Records from a data source
══════════════════════════════

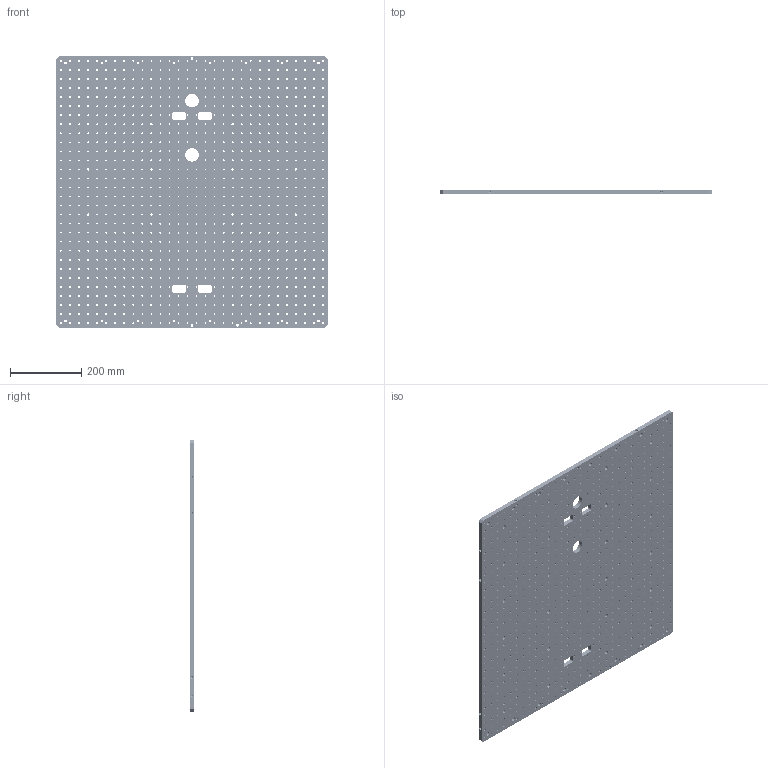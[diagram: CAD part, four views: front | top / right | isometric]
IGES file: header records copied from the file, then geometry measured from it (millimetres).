
Start section: SolidWorks IGES file using analytic representation for surfaces
Global section: file name: D1001129-v3 aLIGO ETM OPTICAL TABLE.IGS; native system: SolidWorks 2010; preprocessor: SolidWorks 2010; author: cconley; date: 110203.193051; units: inch
Bounding box: 762 x 12.7 x 762 mm (x, y, z)
Surface area: 1368690.2 mm2 (no closed solid volume)
Topology: 0 solids, 0 shells, 2205 faces, 47228 edges, 47204 vertices
Faces by surface type: revolution 2062, bspline 143

══════════════════════════════

### [WORK REQUIRED]
Set down each entry above exactly as it appears. Omit the pictures.

### [WRITTEN ANSWER]
[diagram: CAD part, four views: front | top / right | isometric]
IGES file: header records copied from the file, then geometry measured from it (millimetres).
Start section: SolidWorks IGES file using analytic representation for surfaces
Global section: file name: D1001129-v3 aLIGO ETM OPTICAL TABLE.IGS; native system: SolidWorks 2010; preprocessor: SolidWorks 2010; author: cconley; date: 110203.193051; units: inch
Bounding box: 762 x 12.7 x 762 mm (x, y, z)
Surface area: 1368690.2 mm2 (no closed solid volume)
Topology: 0 solids, 0 shells, 2205 faces, 47228 edges, 47204 vertices
Faces by surface type: revolution 2062, bspline 143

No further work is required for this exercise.